The main difficulty of the top-down parsing lies in the right choice of the right-hand side (RHS) of a rule when there are multiple RHSs.

#### Note

PDA is the recognition device for CFGs (CFG = PDA). Namely, a program structure is defined by a CFG but whether an input structure is valid or not according to the rules of the CFG is tested by a PDA. Our top-down parser will be a PDA simulating a certain type of action of the CFG.

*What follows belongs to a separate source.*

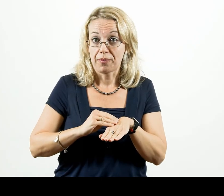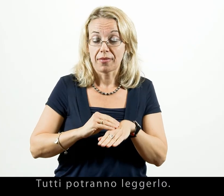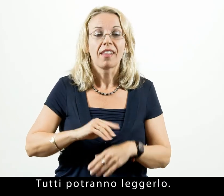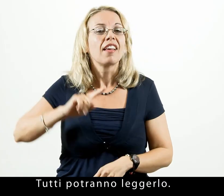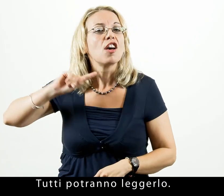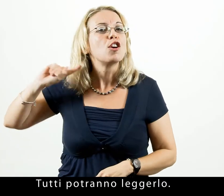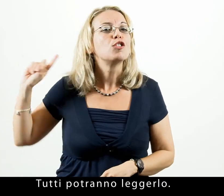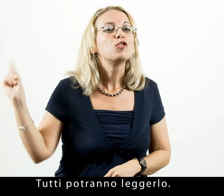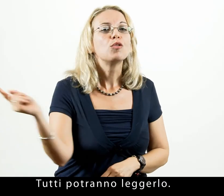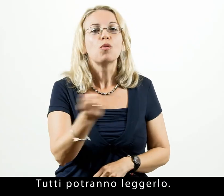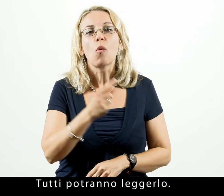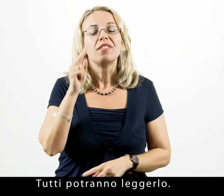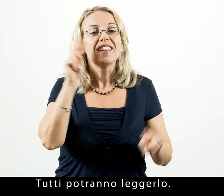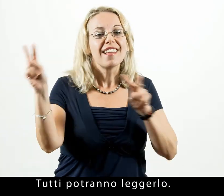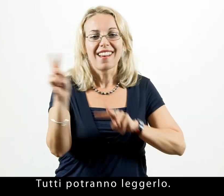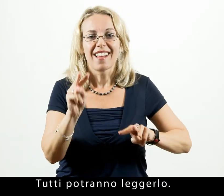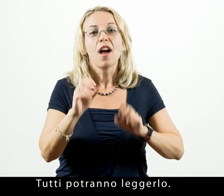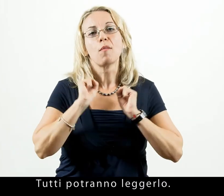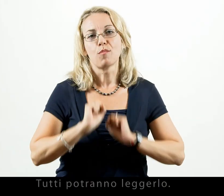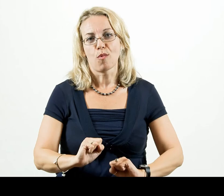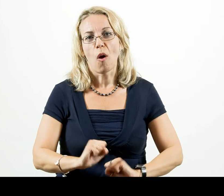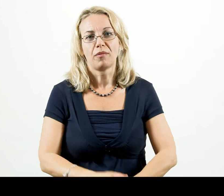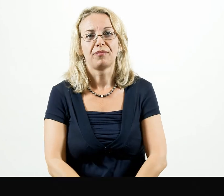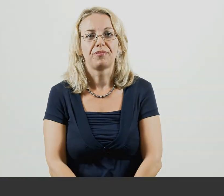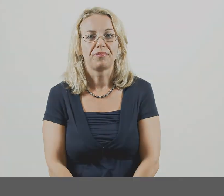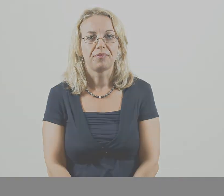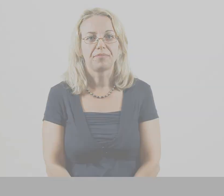Tutti potranno leggerlo. Tutti potranno leggerlo. Grazie

## Pushdown automaton (PDA)

A finite automaton with an additional stack of unbounded size, defined formally as $M = (Q, \Sigma, \Gamma, \delta, q_0, Z_0, F)$, where $Q$ is the state set, $\Sigma$ is the input alphabet, $\Gamma$ is the stack alphabet, $\delta: Q \times (\Sigma \cup \{\varepsilon\}) \times \Gamma \rightarrow 2^{Q \times \Gamma^*}$ is the transition function, $q_0$ is the initial state, $Z_0 \in \Gamma$ is the stack bottom marker, and $F \subseteq Q$ is the set of accepting states.

### Configuration
A triple $(q, x{\uparrow}y, \gamma)$ indicating the PDA’s situation that it is in state $q$ after consuming the prefix $x$ of the input string $xy$, it is scanning the first symbol of $y$ on the input tape, and the stack content is $\gamma$, where the first symbol of $\gamma$ is the stack top symbol.

### Accepting computation
A sequence of configurations $(q_0, {\uparrow}w, Z_0) \vdash \cdots \vdash (q, w{\uparrow}, \gamma)$, where $q \in Q$ (the last one in this sequence is an accepting configuration), i.e., a PDA accepts at the end of the input tape if it is in an accepting state. Assume w.l.o.g. that the PDA accepts with the empty stack (so, $\gamma = \varepsilon$).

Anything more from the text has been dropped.